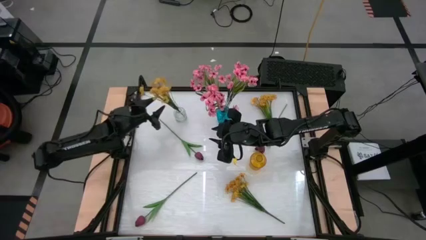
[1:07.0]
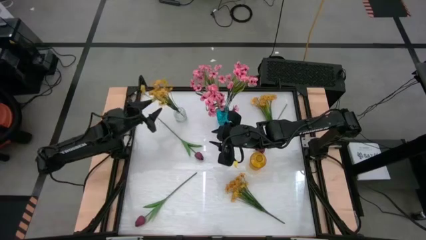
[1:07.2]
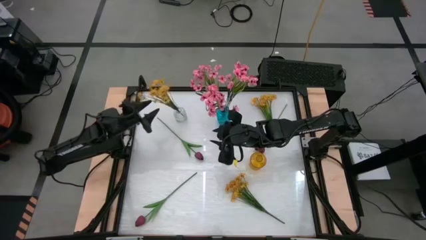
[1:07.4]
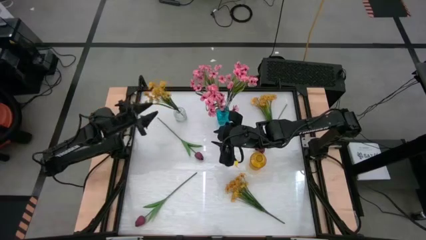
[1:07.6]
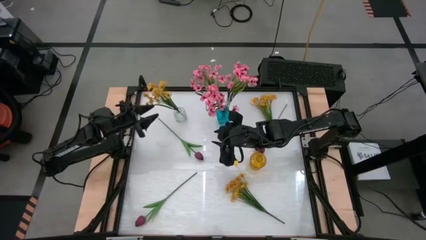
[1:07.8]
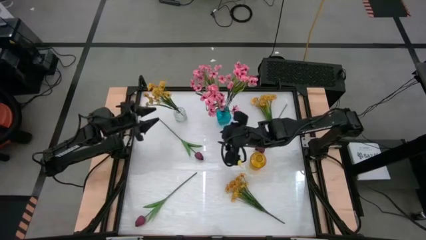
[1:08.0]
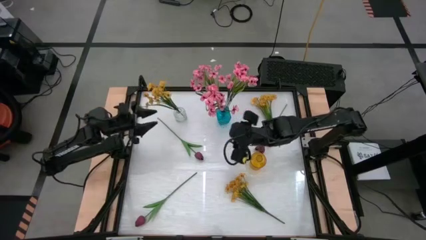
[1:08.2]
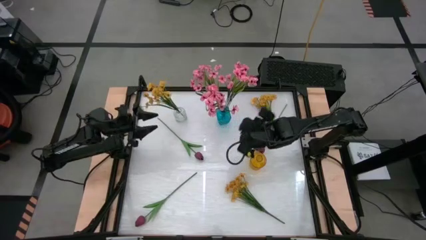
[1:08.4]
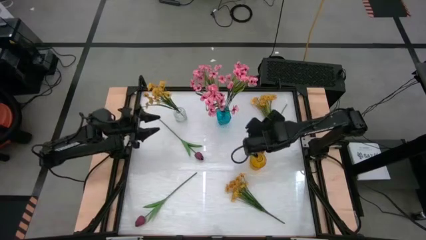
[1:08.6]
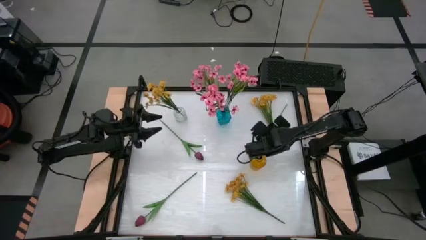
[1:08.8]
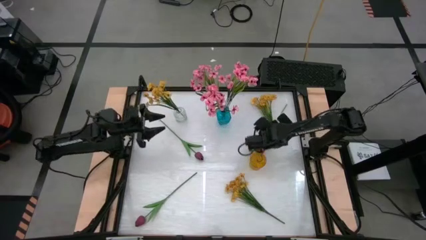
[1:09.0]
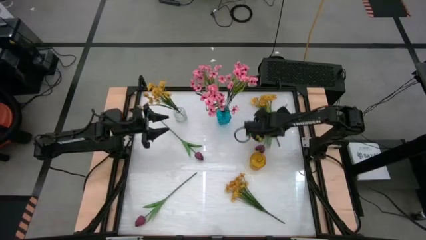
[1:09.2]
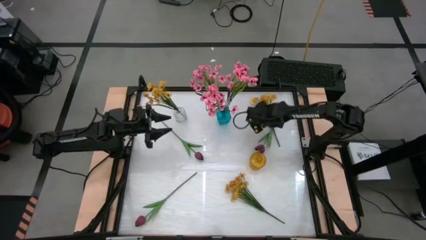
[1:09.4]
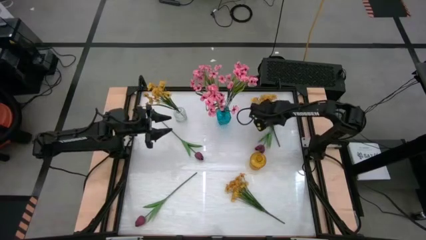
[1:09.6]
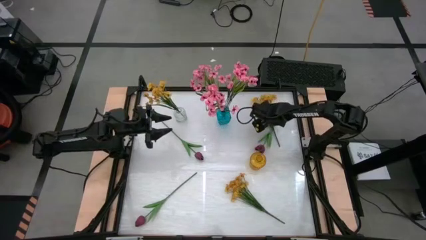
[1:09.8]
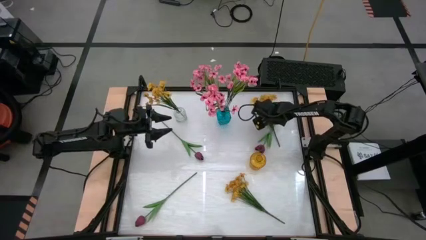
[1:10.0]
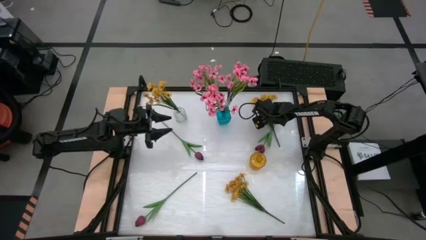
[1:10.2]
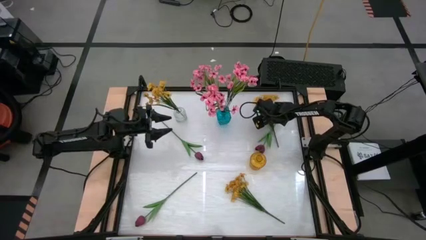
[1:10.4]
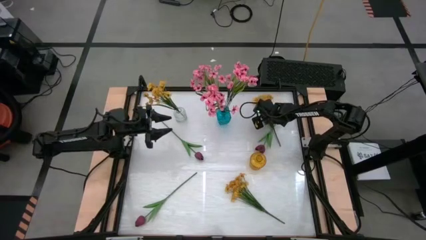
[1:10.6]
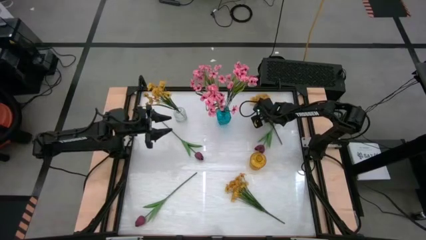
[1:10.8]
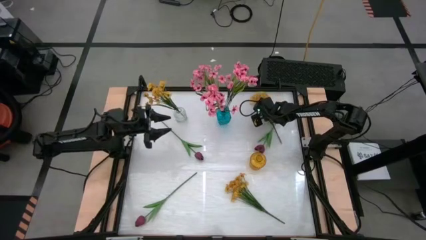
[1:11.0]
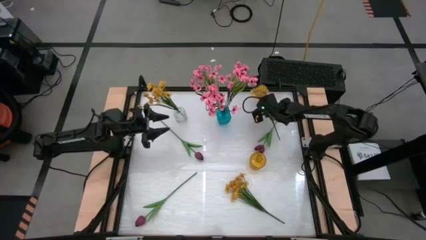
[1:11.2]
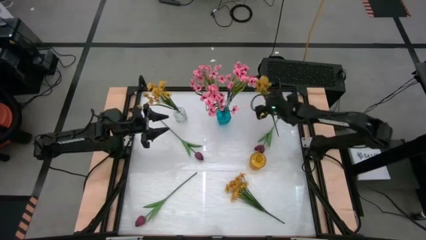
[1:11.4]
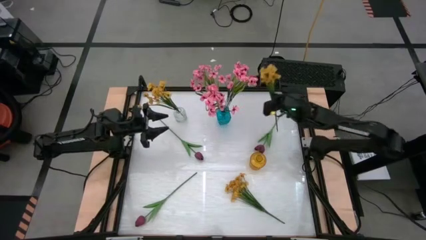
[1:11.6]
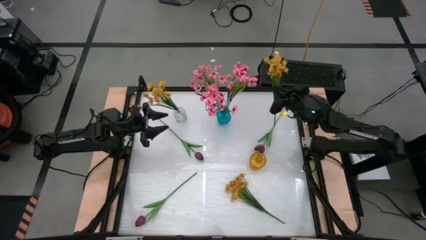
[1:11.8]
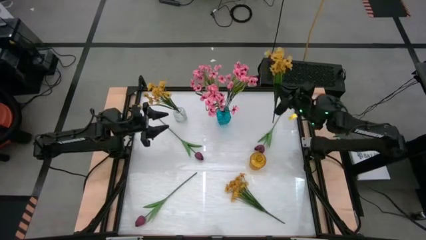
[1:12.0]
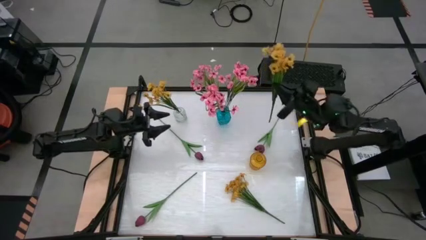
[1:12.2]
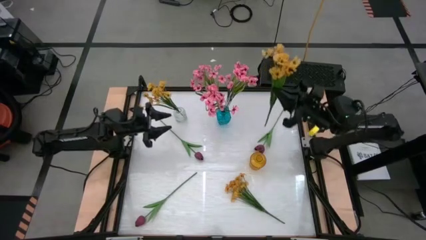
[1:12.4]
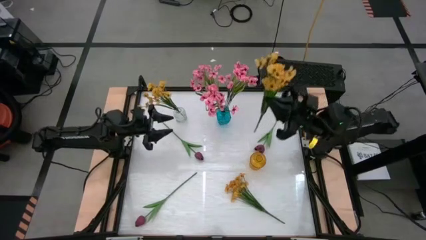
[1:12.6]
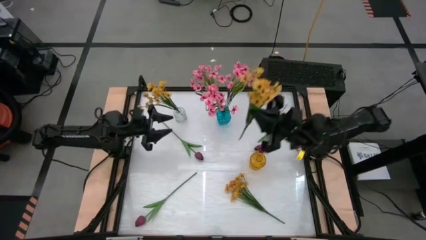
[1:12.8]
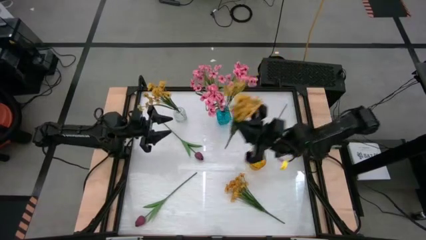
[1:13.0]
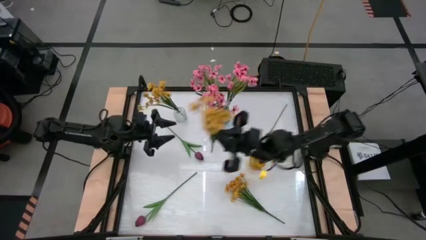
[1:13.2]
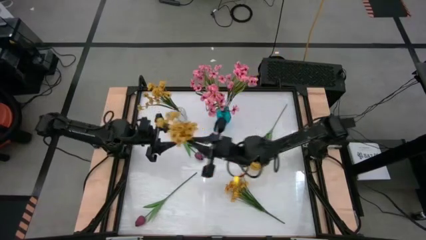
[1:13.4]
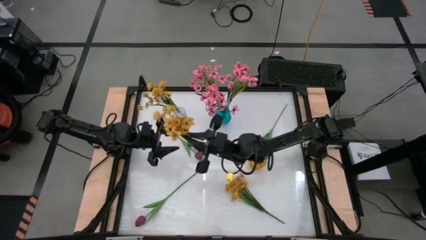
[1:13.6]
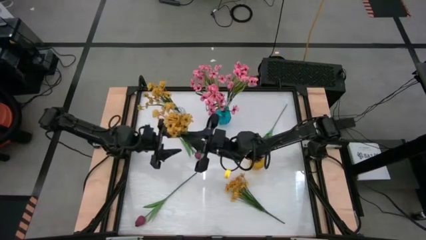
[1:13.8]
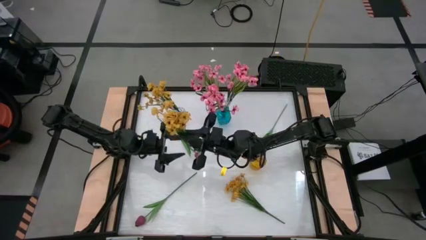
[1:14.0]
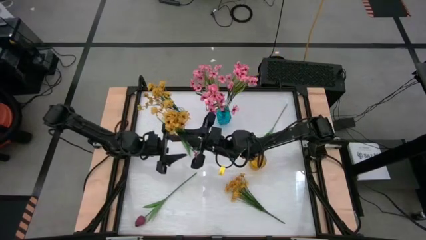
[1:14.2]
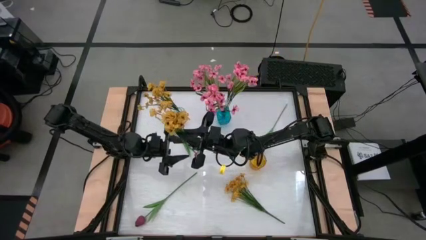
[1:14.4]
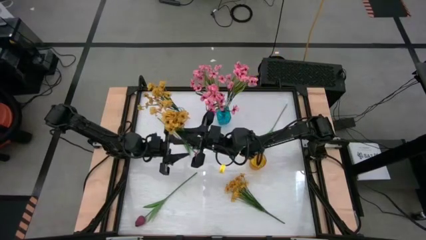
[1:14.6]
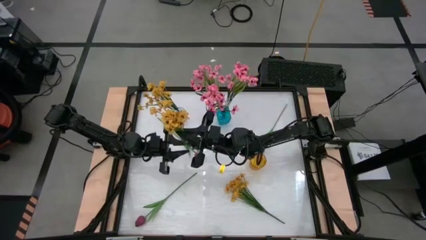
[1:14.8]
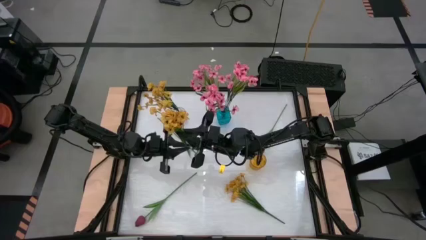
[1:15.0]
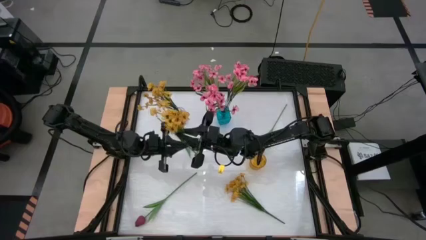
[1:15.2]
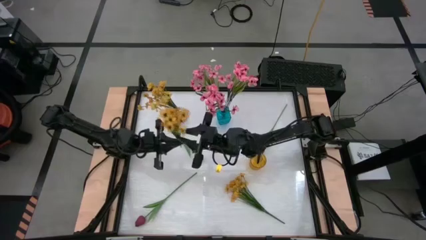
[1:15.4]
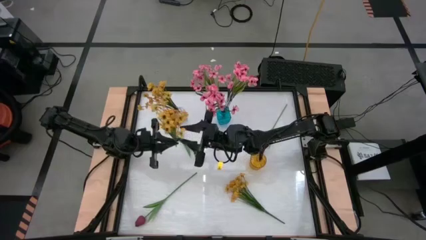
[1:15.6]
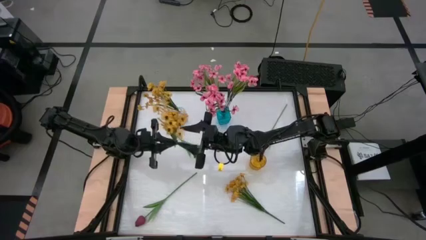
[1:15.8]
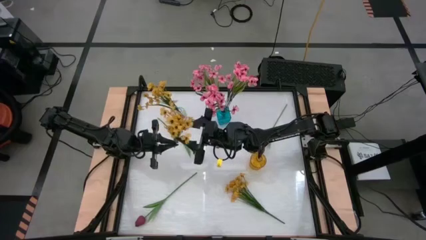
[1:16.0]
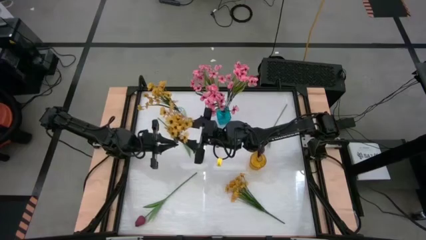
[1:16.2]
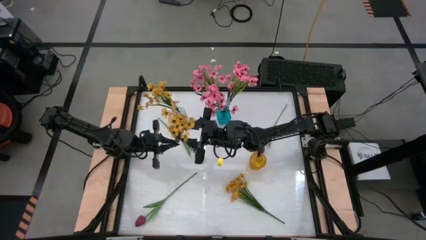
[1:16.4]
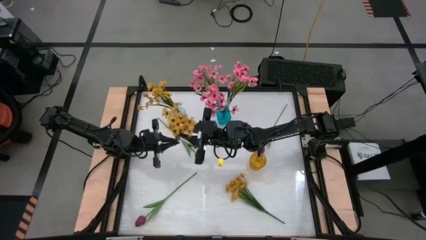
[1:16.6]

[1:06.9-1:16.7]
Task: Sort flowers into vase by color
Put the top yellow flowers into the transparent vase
_ _ _ _
DIRECTIONS> Set the listing down again exactly, skipping each picture.

RESULT OF THIS EXERCISE>
[1:07.0]
[1:07.2]
[1:07.4]
[1:07.6]
[1:07.8]
[1:08.0]
[1:08.2]
[1:08.4]
[1:08.6]
[1:08.8]
[1:09.0]
[1:09.2]
[1:09.4]
[1:09.6]
[1:09.8]
[1:10.0]
[1:10.2]
[1:10.4]
[1:10.6]
[1:10.8]
[1:11.0]
[1:11.2]
[1:11.4]
[1:11.6]
[1:11.8]
[1:12.0]
[1:12.2]
[1:12.4]
[1:12.6]
[1:12.8]
[1:13.0]
[1:13.2]
[1:13.4]
[1:13.6]
[1:13.8]
[1:14.0]
[1:14.2]
[1:14.4]
[1:14.6]
[1:14.8]
[1:15.0]
[1:15.2]
[1:15.4]
[1:15.6]
[1:15.8]
[1:16.0]
[1:16.2]
[1:16.4]
[1:16.6]

[1:06.9-1:16.7]
Task: Sort flowers into vase by color
Put the top yellow flowers into the transparent vase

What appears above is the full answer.